[Requirement] Restate the following records word for word without images.

=-=-=-=-=

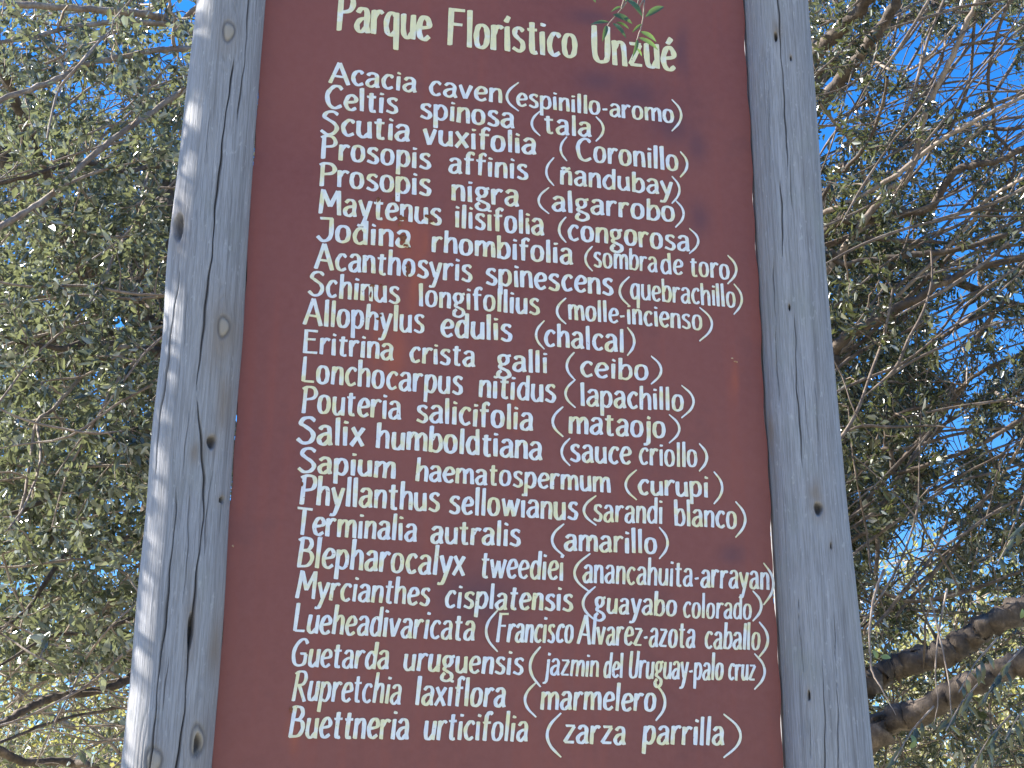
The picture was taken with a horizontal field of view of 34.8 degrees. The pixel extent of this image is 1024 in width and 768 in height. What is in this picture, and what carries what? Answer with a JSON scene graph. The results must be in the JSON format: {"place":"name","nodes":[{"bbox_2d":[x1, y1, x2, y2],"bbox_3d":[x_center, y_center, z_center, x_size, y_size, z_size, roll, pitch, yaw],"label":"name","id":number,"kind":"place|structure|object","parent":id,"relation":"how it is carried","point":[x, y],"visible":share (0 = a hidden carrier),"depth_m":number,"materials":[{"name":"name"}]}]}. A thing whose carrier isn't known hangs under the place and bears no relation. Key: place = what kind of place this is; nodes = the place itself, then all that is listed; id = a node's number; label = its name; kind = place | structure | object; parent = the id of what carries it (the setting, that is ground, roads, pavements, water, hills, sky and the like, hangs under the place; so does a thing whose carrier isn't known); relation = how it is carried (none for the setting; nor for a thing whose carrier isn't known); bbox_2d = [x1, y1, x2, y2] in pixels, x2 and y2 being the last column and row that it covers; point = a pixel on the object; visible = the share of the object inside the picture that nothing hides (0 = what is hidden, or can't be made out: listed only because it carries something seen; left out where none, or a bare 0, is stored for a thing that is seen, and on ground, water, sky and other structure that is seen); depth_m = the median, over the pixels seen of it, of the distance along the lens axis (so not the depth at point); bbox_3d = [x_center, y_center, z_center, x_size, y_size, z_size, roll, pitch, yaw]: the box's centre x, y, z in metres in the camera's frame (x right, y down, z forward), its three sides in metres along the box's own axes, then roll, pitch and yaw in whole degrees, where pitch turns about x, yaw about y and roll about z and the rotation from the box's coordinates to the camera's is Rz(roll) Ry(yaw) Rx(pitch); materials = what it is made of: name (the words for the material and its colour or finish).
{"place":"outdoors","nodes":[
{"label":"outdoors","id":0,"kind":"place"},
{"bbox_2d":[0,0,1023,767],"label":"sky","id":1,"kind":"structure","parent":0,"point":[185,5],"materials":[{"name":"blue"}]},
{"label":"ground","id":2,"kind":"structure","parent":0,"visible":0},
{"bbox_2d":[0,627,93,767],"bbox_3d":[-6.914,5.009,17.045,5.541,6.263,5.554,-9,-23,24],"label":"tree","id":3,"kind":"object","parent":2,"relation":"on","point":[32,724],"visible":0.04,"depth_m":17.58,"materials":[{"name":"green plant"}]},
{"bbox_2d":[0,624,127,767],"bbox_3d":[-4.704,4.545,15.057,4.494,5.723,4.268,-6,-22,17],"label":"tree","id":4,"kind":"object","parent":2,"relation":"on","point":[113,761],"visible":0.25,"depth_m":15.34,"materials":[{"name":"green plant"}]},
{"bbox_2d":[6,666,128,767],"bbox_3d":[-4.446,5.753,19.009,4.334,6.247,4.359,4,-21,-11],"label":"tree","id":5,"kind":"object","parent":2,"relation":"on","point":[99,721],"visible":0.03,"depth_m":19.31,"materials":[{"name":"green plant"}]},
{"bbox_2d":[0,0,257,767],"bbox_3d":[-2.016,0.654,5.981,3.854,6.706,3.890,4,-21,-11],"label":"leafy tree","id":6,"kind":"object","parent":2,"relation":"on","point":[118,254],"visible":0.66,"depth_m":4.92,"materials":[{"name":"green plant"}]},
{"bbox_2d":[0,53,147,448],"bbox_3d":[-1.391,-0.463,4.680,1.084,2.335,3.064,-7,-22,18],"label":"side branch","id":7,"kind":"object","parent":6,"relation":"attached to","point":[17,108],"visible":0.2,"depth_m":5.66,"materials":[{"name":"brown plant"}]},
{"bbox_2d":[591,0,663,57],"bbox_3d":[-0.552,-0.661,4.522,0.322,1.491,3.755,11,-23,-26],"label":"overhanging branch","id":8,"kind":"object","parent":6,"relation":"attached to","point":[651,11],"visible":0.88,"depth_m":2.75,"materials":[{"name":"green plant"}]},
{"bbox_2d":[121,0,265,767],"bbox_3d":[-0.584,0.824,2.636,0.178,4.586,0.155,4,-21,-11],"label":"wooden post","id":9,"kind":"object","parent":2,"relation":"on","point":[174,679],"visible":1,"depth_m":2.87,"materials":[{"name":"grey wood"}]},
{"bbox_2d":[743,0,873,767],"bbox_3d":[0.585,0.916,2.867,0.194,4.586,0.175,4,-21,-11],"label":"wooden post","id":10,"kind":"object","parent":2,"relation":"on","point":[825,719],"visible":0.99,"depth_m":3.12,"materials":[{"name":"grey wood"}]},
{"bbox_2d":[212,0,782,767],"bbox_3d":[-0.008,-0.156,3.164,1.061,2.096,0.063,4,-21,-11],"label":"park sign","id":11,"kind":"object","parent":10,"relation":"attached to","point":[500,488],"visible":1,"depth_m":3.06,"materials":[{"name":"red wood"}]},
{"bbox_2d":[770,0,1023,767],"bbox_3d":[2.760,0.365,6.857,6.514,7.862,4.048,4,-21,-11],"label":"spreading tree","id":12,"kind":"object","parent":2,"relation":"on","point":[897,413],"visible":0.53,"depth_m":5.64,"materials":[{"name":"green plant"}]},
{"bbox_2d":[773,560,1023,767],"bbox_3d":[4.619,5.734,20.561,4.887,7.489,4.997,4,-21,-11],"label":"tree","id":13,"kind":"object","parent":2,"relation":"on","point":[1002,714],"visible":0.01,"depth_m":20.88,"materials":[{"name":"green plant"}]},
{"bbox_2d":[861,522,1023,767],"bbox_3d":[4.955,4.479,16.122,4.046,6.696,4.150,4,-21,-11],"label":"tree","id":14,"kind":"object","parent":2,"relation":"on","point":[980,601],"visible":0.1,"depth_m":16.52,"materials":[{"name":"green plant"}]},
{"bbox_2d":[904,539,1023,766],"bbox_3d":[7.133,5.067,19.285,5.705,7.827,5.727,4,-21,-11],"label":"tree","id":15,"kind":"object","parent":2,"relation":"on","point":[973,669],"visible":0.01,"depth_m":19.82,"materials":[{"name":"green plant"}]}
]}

=-=-=-=-=

[Answer to this task]
The picture was taken with a horizontal field of view of 34.8 degrees. The pixel extent of this image is 1024 in width and 768 in height. What is in this picture, and what carries what? Answer with a JSON scene graph. The results must be in the JSON format: {"place":"name","nodes":[{"bbox_2d":[x1, y1, x2, y2],"bbox_3d":[x_center, y_center, z_center, x_size, y_size, z_size, roll, pitch, yaw],"label":"name","id":number,"kind":"place|structure|object","parent":id,"relation":"how it is carried","point":[x, y],"visible":share (0 = a hidden carrier),"depth_m":number,"materials":[{"name":"name"}]}]}. A thing whose carrier isn't known hangs under the place and bears no relation. Key: place = what kind of place this is; nodes = the place itself, then all that is listed; id = a node's number; label = its name; kind = place | structure | object; parent = the id of what carries it (the setting, that is ground, roads, pavements, water, hills, sky and the like, hangs under the place; so does a thing whose carrier isn't known); relation = how it is carried (none for the setting; nor for a thing whose carrier isn't known); bbox_2d = [x1, y1, x2, y2] in pixels, x2 and y2 being the last column and row that it covers; point = a pixel on the object; visible = the share of the object inside the picture that nothing hides (0 = what is hidden, or can't be made out: listed only because it carries something seen; left out where none, or a bare 0, is stored for a thing that is seen, and on ground, water, sky and other structure that is seen); depth_m = the median, over the pixels seen of it, of the distance along the lens axis (so not the depth at point); bbox_3d = [x_center, y_center, z_center, x_size, y_size, z_size, roll, pitch, yaw]: the box's centre x, y, z in metres in the camera's frame (x right, y down, z forward), its three sides in metres along the box's own axes, then roll, pitch and yaw in whole degrees, where pitch turns about x, yaw about y and roll about z and the rotation from the box's coordinates to the camera's is Rz(roll) Ry(yaw) Rx(pitch); materials = what it is made of: name (the words for the material and its colour or finish).
{"place":"outdoors","nodes":[
{"label":"outdoors","id":0,"kind":"place"},
{"bbox_2d":[0,0,1023,767],"label":"sky","id":1,"kind":"structure","parent":0,"point":[185,5],"materials":[{"name":"blue"}]},
{"label":"ground","id":2,"kind":"structure","parent":0,"visible":0},
{"bbox_2d":[0,627,93,767],"bbox_3d":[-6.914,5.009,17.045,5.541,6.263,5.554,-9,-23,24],"label":"tree","id":3,"kind":"object","parent":2,"relation":"on","point":[32,724],"visible":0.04,"depth_m":17.58,"materials":[{"name":"green plant"}]},
{"bbox_2d":[0,624,127,767],"bbox_3d":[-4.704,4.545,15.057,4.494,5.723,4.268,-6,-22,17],"label":"tree","id":4,"kind":"object","parent":2,"relation":"on","point":[113,761],"visible":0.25,"depth_m":15.34,"materials":[{"name":"green plant"}]},
{"bbox_2d":[6,666,128,767],"bbox_3d":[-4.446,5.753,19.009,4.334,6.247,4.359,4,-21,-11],"label":"tree","id":5,"kind":"object","parent":2,"relation":"on","point":[99,721],"visible":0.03,"depth_m":19.31,"materials":[{"name":"green plant"}]},
{"bbox_2d":[0,0,257,767],"bbox_3d":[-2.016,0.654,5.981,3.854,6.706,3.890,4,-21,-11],"label":"leafy tree","id":6,"kind":"object","parent":2,"relation":"on","point":[118,254],"visible":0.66,"depth_m":4.92,"materials":[{"name":"green plant"}]},
{"bbox_2d":[0,53,147,448],"bbox_3d":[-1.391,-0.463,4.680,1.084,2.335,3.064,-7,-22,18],"label":"side branch","id":7,"kind":"object","parent":6,"relation":"attached to","point":[17,108],"visible":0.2,"depth_m":5.66,"materials":[{"name":"brown plant"}]},
{"bbox_2d":[591,0,663,57],"bbox_3d":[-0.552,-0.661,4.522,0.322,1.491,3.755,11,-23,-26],"label":"overhanging branch","id":8,"kind":"object","parent":6,"relation":"attached to","point":[651,11],"visible":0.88,"depth_m":2.75,"materials":[{"name":"green plant"}]},
{"bbox_2d":[121,0,265,767],"bbox_3d":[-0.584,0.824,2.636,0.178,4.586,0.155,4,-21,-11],"label":"wooden post","id":9,"kind":"object","parent":2,"relation":"on","point":[174,679],"visible":1,"depth_m":2.87,"materials":[{"name":"grey wood"}]},
{"bbox_2d":[743,0,873,767],"bbox_3d":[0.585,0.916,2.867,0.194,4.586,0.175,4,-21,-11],"label":"wooden post","id":10,"kind":"object","parent":2,"relation":"on","point":[825,719],"visible":0.99,"depth_m":3.12,"materials":[{"name":"grey wood"}]},
{"bbox_2d":[212,0,782,767],"bbox_3d":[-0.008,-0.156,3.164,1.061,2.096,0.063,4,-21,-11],"label":"park sign","id":11,"kind":"object","parent":10,"relation":"attached to","point":[500,488],"visible":1,"depth_m":3.06,"materials":[{"name":"red wood"}]},
{"bbox_2d":[770,0,1023,767],"bbox_3d":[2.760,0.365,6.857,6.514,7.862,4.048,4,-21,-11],"label":"spreading tree","id":12,"kind":"object","parent":2,"relation":"on","point":[897,413],"visible":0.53,"depth_m":5.64,"materials":[{"name":"green plant"}]},
{"bbox_2d":[773,560,1023,767],"bbox_3d":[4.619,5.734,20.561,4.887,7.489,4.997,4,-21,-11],"label":"tree","id":13,"kind":"object","parent":2,"relation":"on","point":[1002,714],"visible":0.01,"depth_m":20.88,"materials":[{"name":"green plant"}]},
{"bbox_2d":[861,522,1023,767],"bbox_3d":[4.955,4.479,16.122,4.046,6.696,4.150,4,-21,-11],"label":"tree","id":14,"kind":"object","parent":2,"relation":"on","point":[980,601],"visible":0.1,"depth_m":16.52,"materials":[{"name":"green plant"}]},
{"bbox_2d":[904,539,1023,766],"bbox_3d":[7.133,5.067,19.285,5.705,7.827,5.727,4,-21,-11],"label":"tree","id":15,"kind":"object","parent":2,"relation":"on","point":[973,669],"visible":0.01,"depth_m":19.82,"materials":[{"name":"green plant"}]}
]}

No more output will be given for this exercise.